[Excerpts from a dataset]
=== Section Start ===
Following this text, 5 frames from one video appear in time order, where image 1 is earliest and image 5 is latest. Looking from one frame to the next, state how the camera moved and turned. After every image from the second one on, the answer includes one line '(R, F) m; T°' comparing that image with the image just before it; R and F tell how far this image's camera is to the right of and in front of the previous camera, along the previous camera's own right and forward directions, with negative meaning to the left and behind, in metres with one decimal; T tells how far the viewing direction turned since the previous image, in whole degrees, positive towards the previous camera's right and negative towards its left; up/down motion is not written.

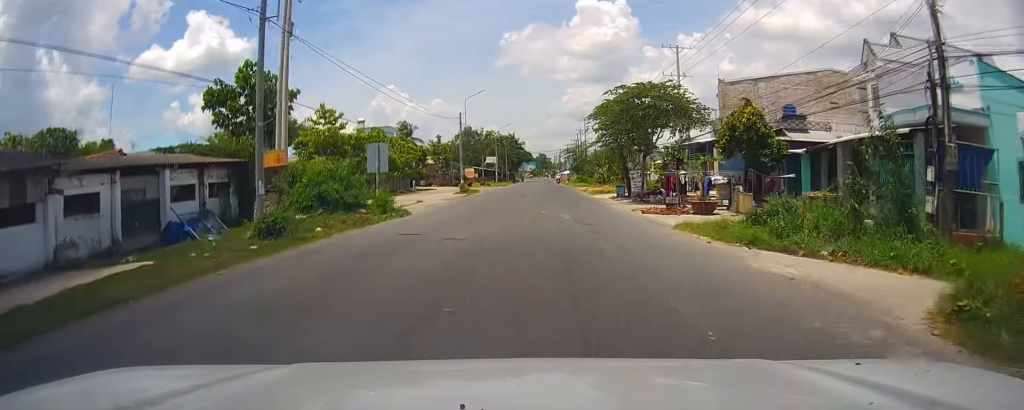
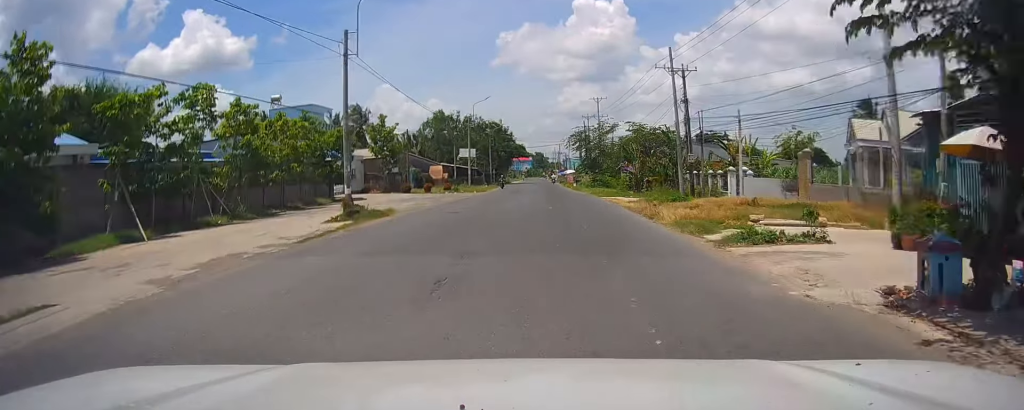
(-0.3, +33.6) m; -2°
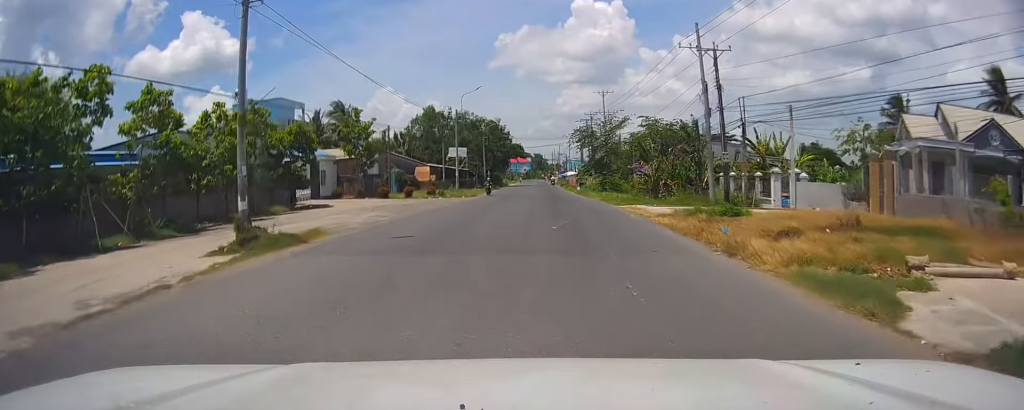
(-0.1, +8.5) m; 0°
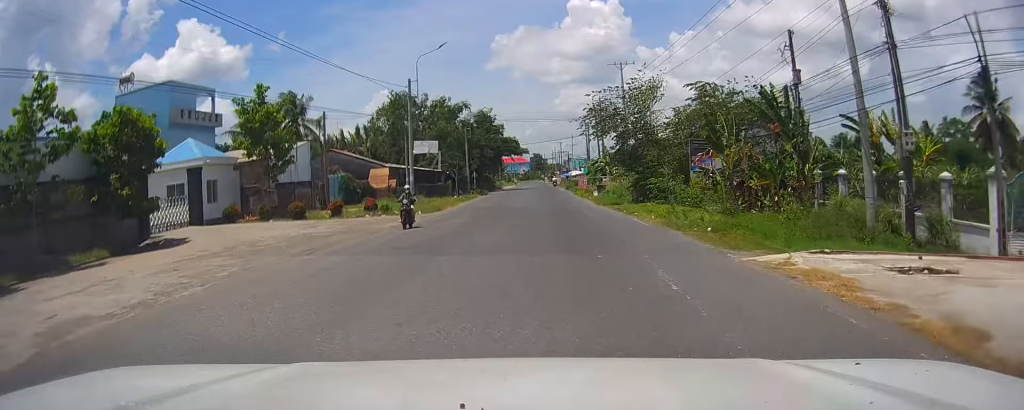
(+0.6, +19.7) m; +1°
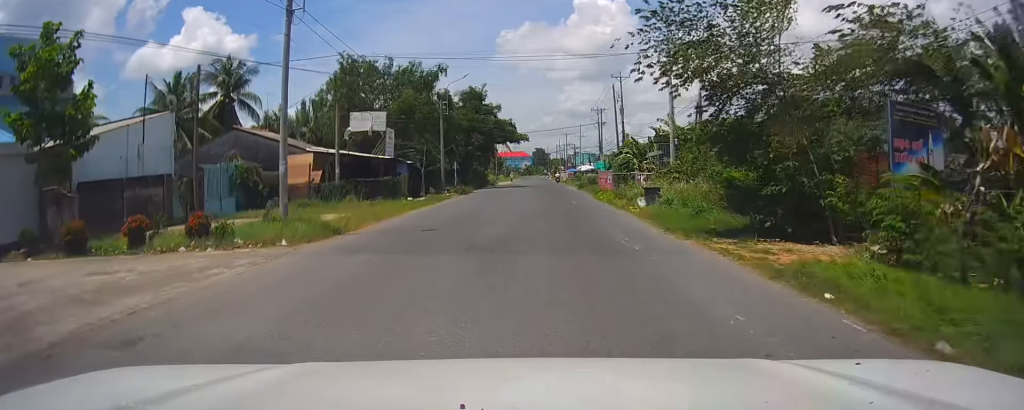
(-0.4, +19.5) m; -1°
=== Section End ===
Could you output every entry exactly as written, skipping the pictures?

**TASK OUTPUT:**
Following this text, 5 frames from one video appear in time order, where image 1 is earliest and image 5 is latest. Looking from one frame to the next, state how the camera moved and turned. After every image from the second one on, the answer includes one line '(R, F) m; T°' comparing that image with the image just before it; R and F tell how far this image's camera is to the right of and in front of the previous camera, along the previous camera's own right and forward directions, with negative meaning to the left and behind, in metres with one decimal; T tells how far the viewing direction turned since the previous image, in whole degrees, positive towards the previous camera's right and negative towards its left; up/down motion is not written.

(-0.3, +33.6) m; -2°
(-0.1, +8.5) m; 0°
(+0.6, +19.7) m; +1°
(-0.4, +19.5) m; -1°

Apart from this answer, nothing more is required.